I Mequbbalim a nome dello Zohar HaQadosh (riportati nella Mishnàh Beruràh 262:9) dicono che è necessario stare attenti in particolare in queste occasioni a non arrabbiarsi, bisticciare, litigare e ancora di più a fare מחלוקת machloqet ~ discussione, in particolare tra marito e moglie.
Per ottenere questo effetto i chakhamim ז"ל hanno utilizzato alcune modalità d'attenzione, direttamente nella Mishnàh (Shabbat 24a):
שלשה דברים צריך אדם לומר בתוך ביתו ערב שבת (א) עשרתם, (ב) ערבתם, (ג) הדליקו את הנר
Sheloshàh Devarim Tzarikh Adam Lomar Betoch Betò 'Erev Shabbat (1) 'Issartem (2) 'Eravtem (3) Hadliqu et HaNer
Tre cose una persona deve dire in casa propria la vigilia di Shabbat (1) avete prelevato il ma'aser cioè la decima (2) avete predisposto l'eruv (3) Accendete la candela!
Spiega la ghemarà che è necessario dire tutto con calma, affinchè le parole del marito vengano accettate benevolmente dalla moglie, poichè ciò che viene detto con rabbia non aiuta a lungo termine a migliorare la situazione ma, eventualmente, peggiorare.

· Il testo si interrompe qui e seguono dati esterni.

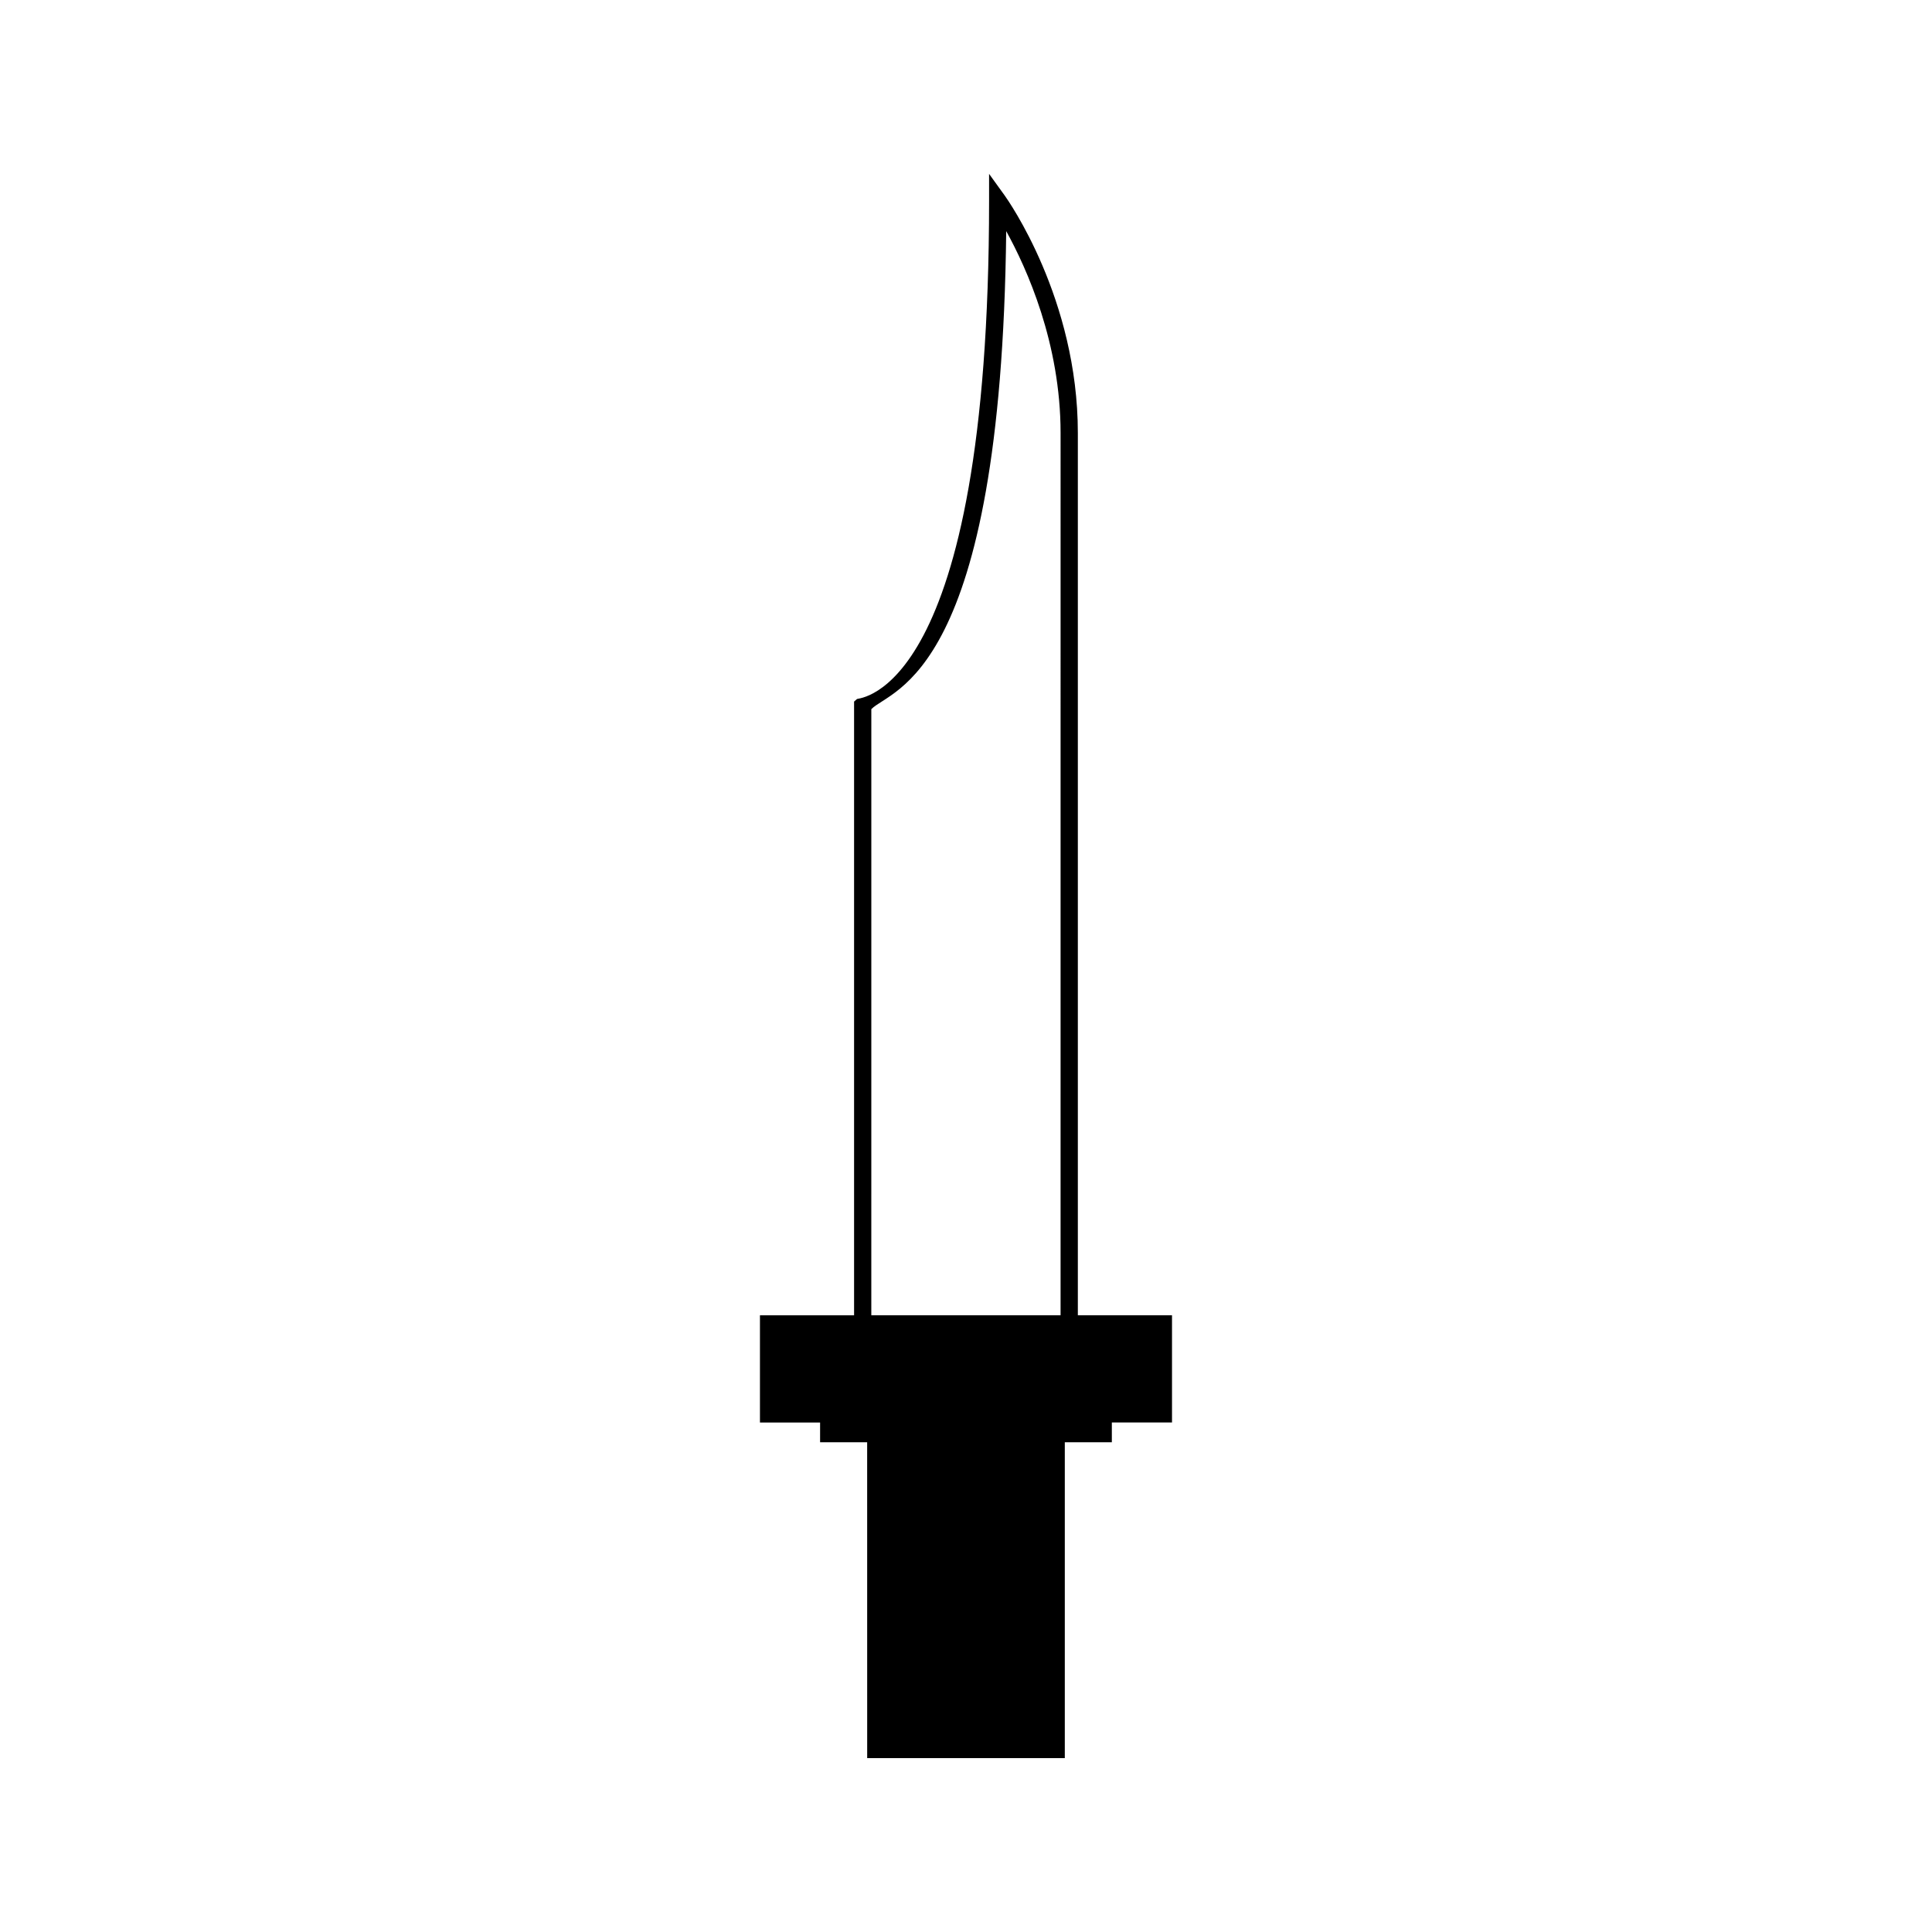 <?xml version="1.0" encoding="UTF-8"?>
<!-- Uploaded to: ICON Repo, www.svgrepo.com, Generator: ICON Repo Mixer Tools -->
<svg fill="#000000" width="800px" height="800px" version="1.1" viewBox="144 144 512 512" xmlns="http://www.w3.org/2000/svg">
 <path d="m429.64 492.55v-233.8c0-35.594-18.59-61.812-19.363-62.906l-4.16-5.766v7.102c0 131.32-34.656 131.75-35 132.06l-0.777 0.684v162.64h-24.945v28.418h15.938v5.231h12.473l0.008 83.707h52.371v-83.715h12.465v-5.231h15.945v-28.418zm-4.578 0h-50.156l0.004-160.62c5.32-5.438 34.457-8.566 35.746-126.68 5.449 9.871 14.41 29.691 14.41 53.508z"/>
</svg>

La ghemarà in Massechet Ghittin (7b) dice inoltre che chiunque incuta troppo timore nella sua casa חס ושלום, porta a fare a causa di ciò חילול שבת chillul shabbat ~ profanazione di Shabbat e altre 'averot.
Pertanto è necessario dire queste tre cose con calma, solo l'accendere la candela non è necessario chiedere, poichè è possibile vedere se è accesa, ma si dà solo un avviso. Per le altre domande, variano a seconda di ciò che effettivamente c'è da fare; se non c'è 'eruv da preparare oppure la decima da prelevare (applicabile solo sulla frutta prodotta in Israele); può quindi capitare che sia il caso di chiedere se si sia fatta l'hafrashat challàh, cioè una piccola parte d'impasto da prelevare. La Mishnàh Beruràh (262:13) spiega che fuori da Eretz Israel non è strettamente necessario porre questa domanda.
Allo stesso modo il padrone di casa deve anche avvisare i componenti della casa di smettere di fare melachot; nel caso non fosse possibile farlo in prima persona è possibile avvertire incaricando un tramite. (Mishnàh Beruràh 262:14)
... Ma ricordate - il tutto con calma!